Third, the primary outcome measure was a composite endpoint as noted previously, with two components – staying in an emergency room setting for at least 6 hours and referral for actual hospital admission. For the latter component of hospitalization, the results slightly favored fluvoxamine (10% on F and 13% on P) but was not a statistically significant difference (p=0.09). For the former component of 6 hours in the emergency room, the results more strongly favored F versus P – 7/741 (1%) on F versus 36/756 (5%) for P – with a p-value of 0.0001. Thus, the overall result (the combination of these components) is largely driven by the softest endpoint of whether a patient was observed in an emergency room for 6 hours.

Furthermore, based on Table 3 of the publication, which lists the pre-defined secondary clinical outcomes of interest, most were slightly in favor of fluvoxamine, but were not statistically significant. In fact, the median duration of hospitalization was 8 days on F and only 6 days on P, which almost was statistically significant in favor of placebo (p=0.059)! Very important outcomes like death, time to death, use of mechanical ventilation and time on ventilator were nowhere near statistically significant (p-values ranging from 0.24 to 0.90) and quite small – perhaps not clinically meaningful (here I am playing a doctor, so take this judgment with a grain of salt).
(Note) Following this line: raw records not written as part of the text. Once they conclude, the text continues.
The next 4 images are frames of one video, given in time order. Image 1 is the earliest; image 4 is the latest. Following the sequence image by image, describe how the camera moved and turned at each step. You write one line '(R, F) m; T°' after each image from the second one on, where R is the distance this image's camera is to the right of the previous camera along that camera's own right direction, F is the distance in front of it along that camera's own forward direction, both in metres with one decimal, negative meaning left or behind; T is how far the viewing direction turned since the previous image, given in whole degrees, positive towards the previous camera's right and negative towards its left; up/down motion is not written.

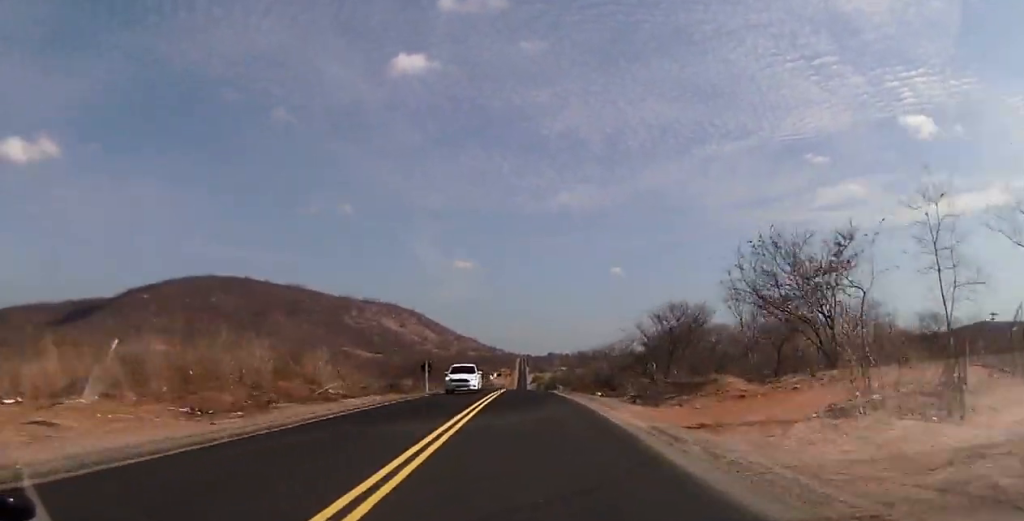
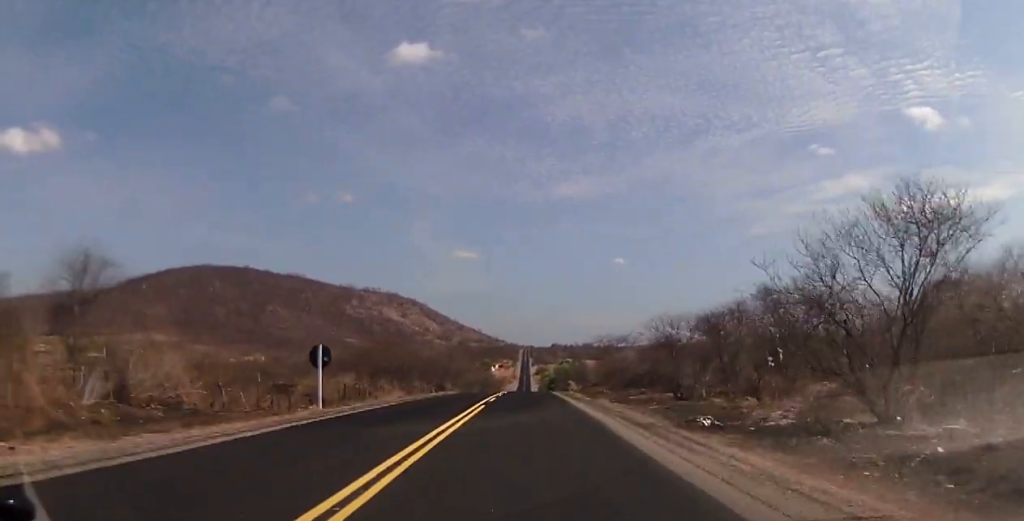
(+0.2, +25.9) m; 0°
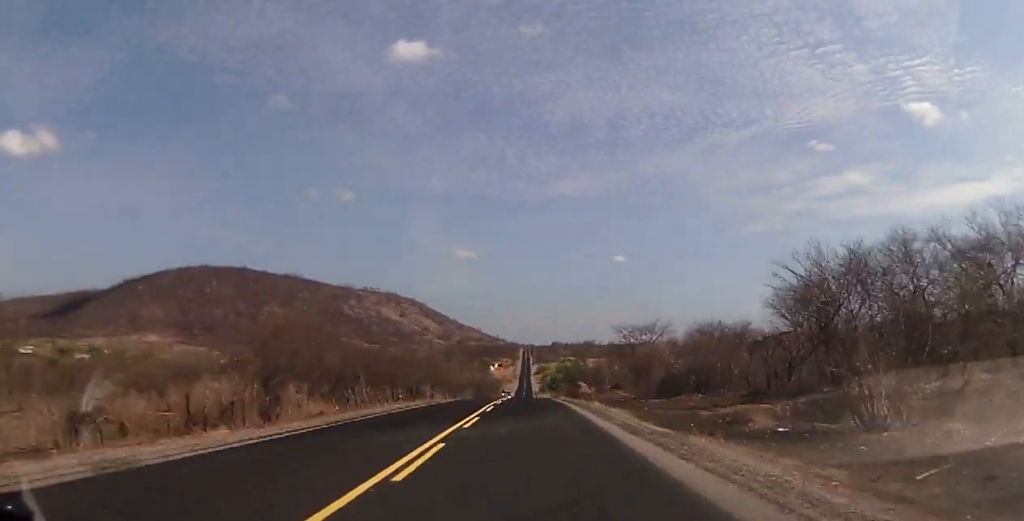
(0.0, +19.7) m; 0°
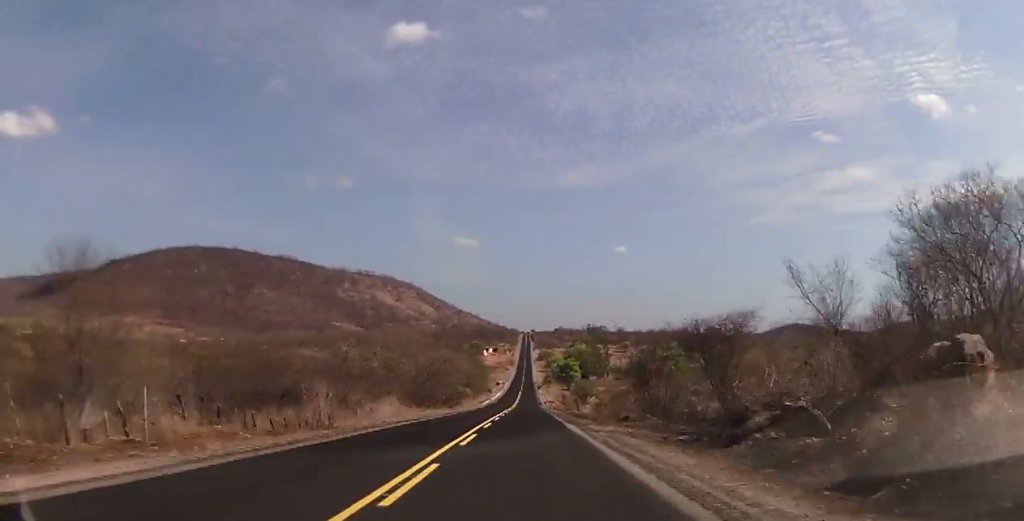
(-0.4, +75.4) m; 0°

Now, for those who follow my blogs, you know that I am critical at times of using p-values, so you may be wondering about my reference to such p-values as I review this publication. First, it is because that is what is reported and what the authors used. Second is because when p-values are quite large (say, greater than 0.20), then I think the researchers have very weak evidence in the frequentist inferential approach and probably even weaker evidence in the Bayesian approach.

On a positive note, the authors did analyze the data according to compliance with the randomized study medication. It turns out that for fluvoxamine, 26% of patients did not comply with the consumption of their medication (compliance = taking their study medication for at least 8 of the 10 days they were to be treated) and placebo had 18% non-compliance. I do like the idea of examining the treatment effect WHEN patients take their medication, but I also recognize that this is a difficult analysis to do properly and requires more sophisticated causal inference approaches. [That’s the subject of another blog someday.] For the primary composite clinical measure of hospitalization, the treatment effect was even more pronounced – relative risk of 0.34. Also, the authors did summarize another very important outcome for the compliant subset of patients in the trial – death. Only 1 compliant patient died on fluvoxamine whereas 12 placebo compliant patients died. Though I would have to examine the details more carefully (e.g., is this a “cherry-picked” result from many different analyses?), on the surface this is a noteworthy finding.

Finally, this study was done in high-risk patients (those with other comorbidities such as diabetes, coronary artery disease, asthma etc.), which is good, but let’s not forget that. The authors rightly note that the results may not be applicable to the larger patient population of patients who do not have such comorbidities and are therefore at lower risk.

A Little Deeper Still (maybe a Lot Deeper)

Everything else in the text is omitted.